Many arable lands that once produced sorghum and millet seeds, where bustards thrived, have become fields of sugarcane and cotton or vineyards. Hunting and poaching have also contributed to the population decline. These actions, combined with the low fertility of the species and the pressure of natural predators, put the bustard in a precarious position.
Bustguard
Photo: Bustard from the Red Book
Programs for vulnerable and endangered bustards have been established in Europe and the former Soviet Union, and for the African great bustard in the United States of America. Projects with endangered bustard species aim to produce surplus birds for release into protected areas, thus complementing the decline in wild populations, while houbara bustard projects in the Middle East and North Africa aim to provide surplus birds for sustainable hunting with falcons.

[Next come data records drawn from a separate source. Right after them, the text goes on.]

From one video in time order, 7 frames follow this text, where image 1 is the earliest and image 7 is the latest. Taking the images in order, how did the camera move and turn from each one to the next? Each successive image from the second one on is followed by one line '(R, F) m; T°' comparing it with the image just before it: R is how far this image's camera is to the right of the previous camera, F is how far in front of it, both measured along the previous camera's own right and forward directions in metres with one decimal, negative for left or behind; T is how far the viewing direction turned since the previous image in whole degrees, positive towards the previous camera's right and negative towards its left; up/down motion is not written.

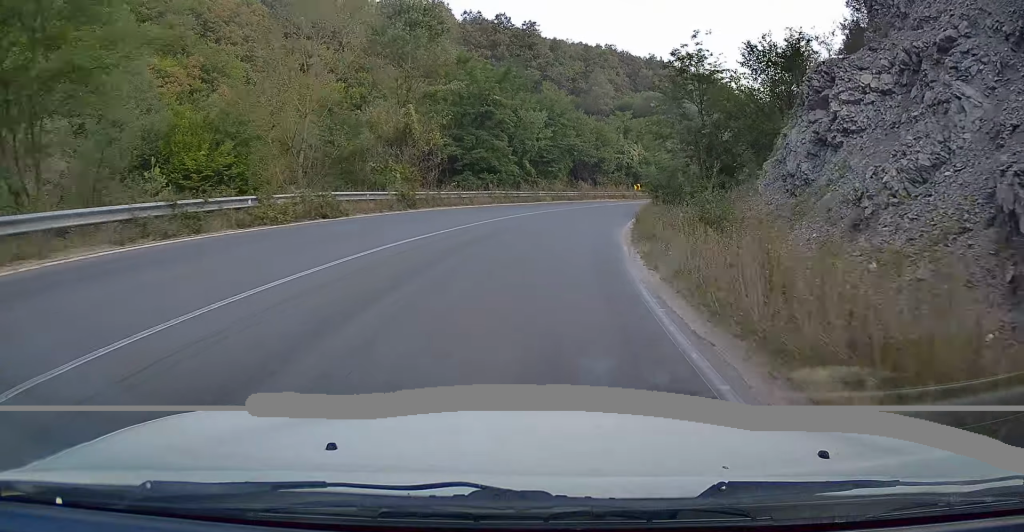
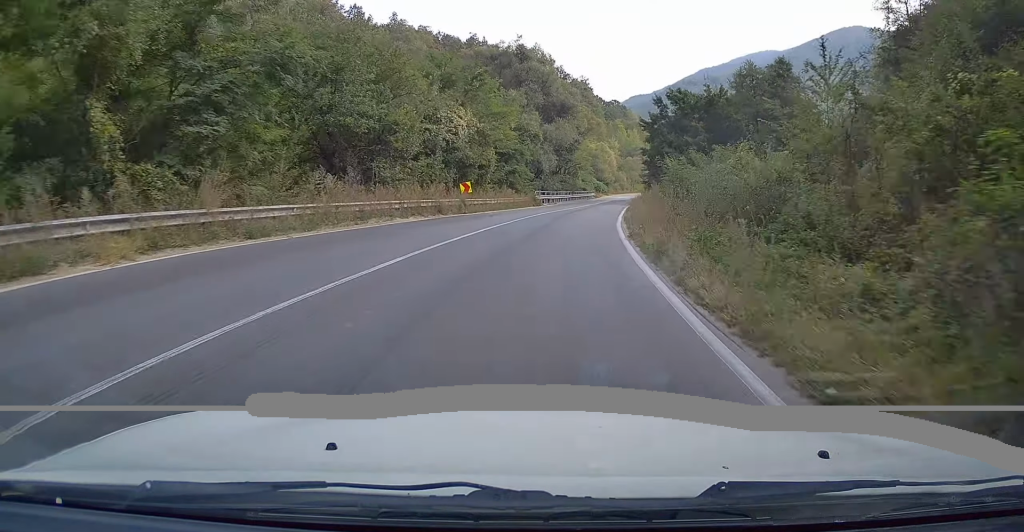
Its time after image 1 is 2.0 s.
(+4.9, +36.3) m; +16°
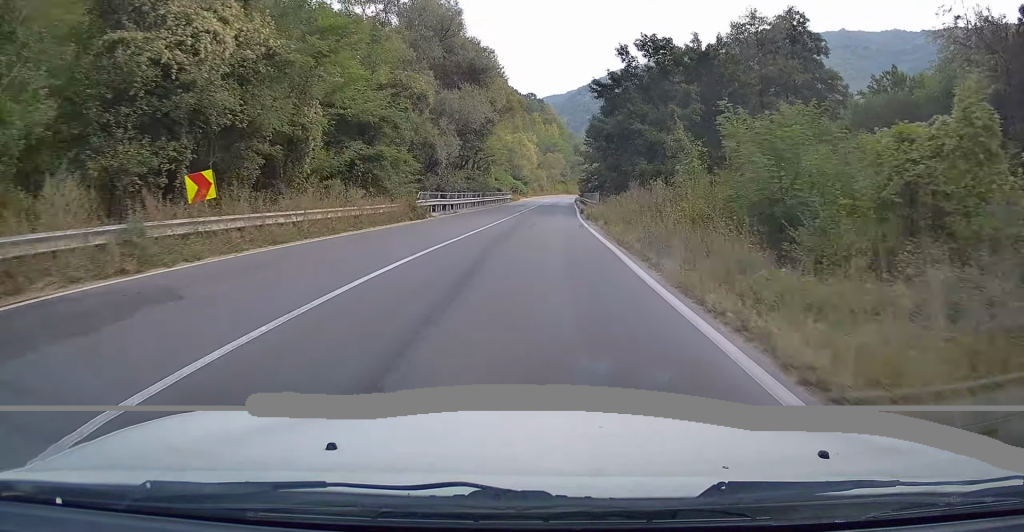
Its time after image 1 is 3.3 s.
(+2.6, +23.5) m; +10°
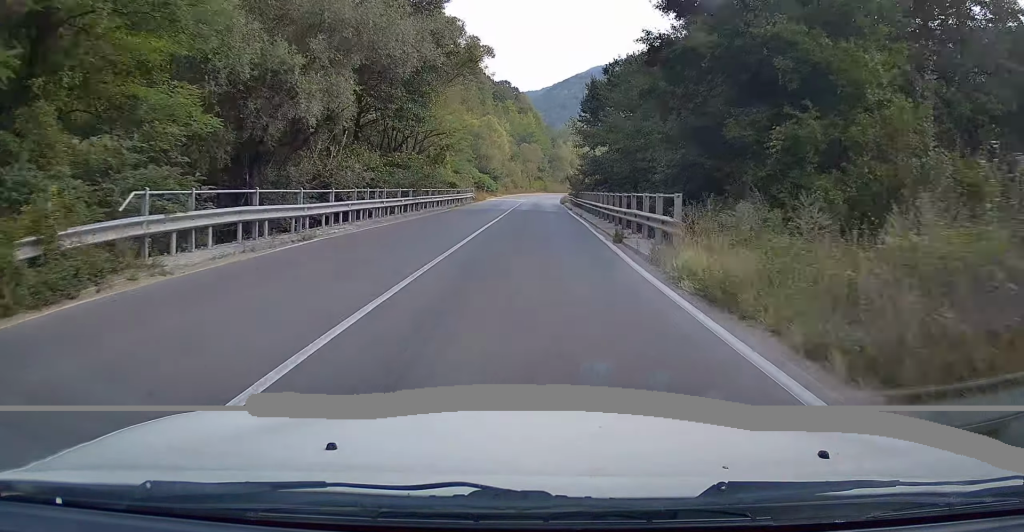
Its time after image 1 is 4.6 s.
(+1.6, +23.6) m; +6°
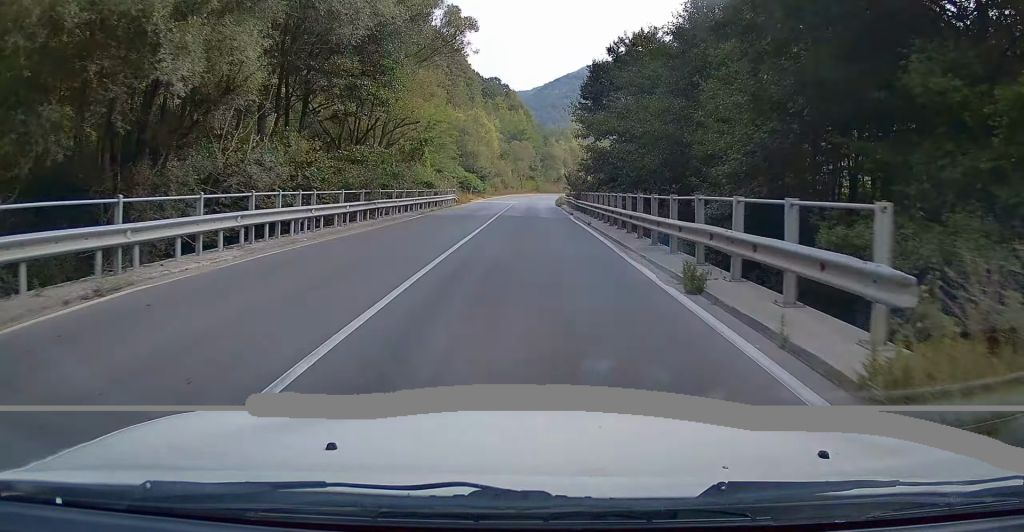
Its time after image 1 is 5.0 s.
(+0.1, +8.2) m; +1°
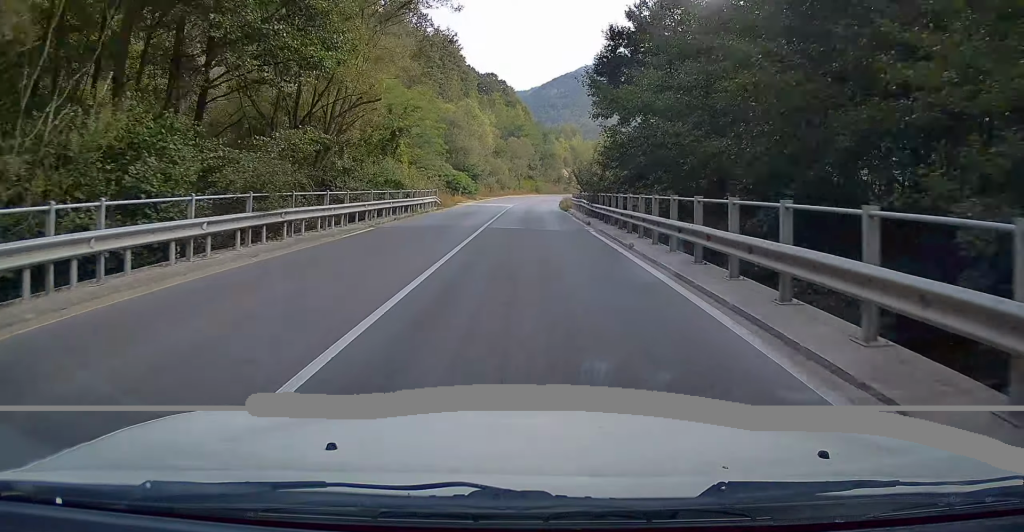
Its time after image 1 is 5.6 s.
(+0.1, +10.0) m; 0°
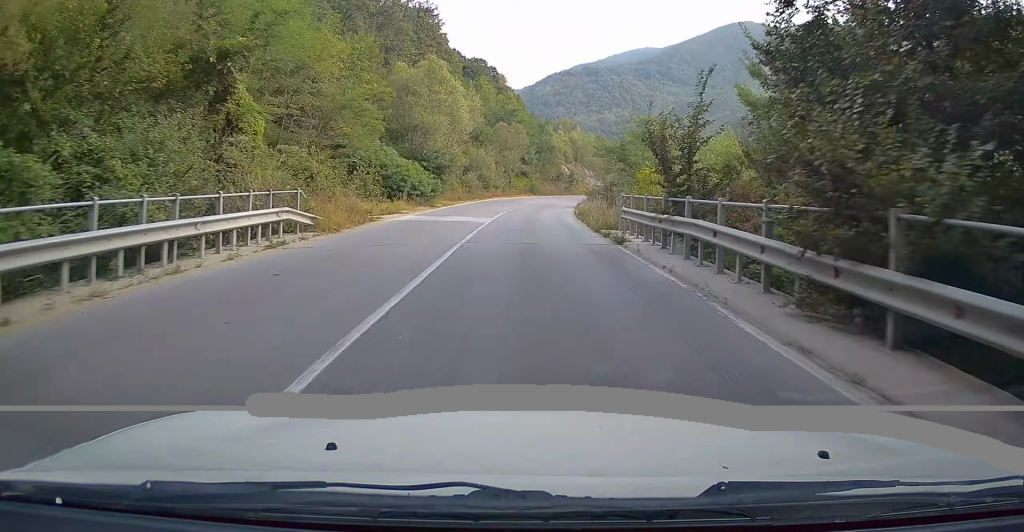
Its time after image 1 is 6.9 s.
(+0.1, +25.1) m; 0°

US captive breeding programs for bustards and cinnamon bustards (Eupodotis ruficrista) aim to maintain populations that are genetically and demographically self-sustaining and do not depend on continuous imports from the wild.
In 2012, the Government of India launched the Project Bustard, a national conservation program to protect the great Indian bustard, along with the Bengal florican (Houbaropsis bengalensis), the less common florican (Sypheotides indicus) and their habitats from further decline. The program was modeled after Project Tiger — massive national effort in the early 1970s to protect India's tigers and their habitat.
Bustard — one of the heaviest flying birds currently in existence. It can be found throughout Europe, moving as far south as Spain, and north, for example, in the Russian steppes. The bustard is listed as vulnerable and its population is declining in many countries. It is a terrestrial bird that is characterized by a long neck and feet and a black crest on the top of its head.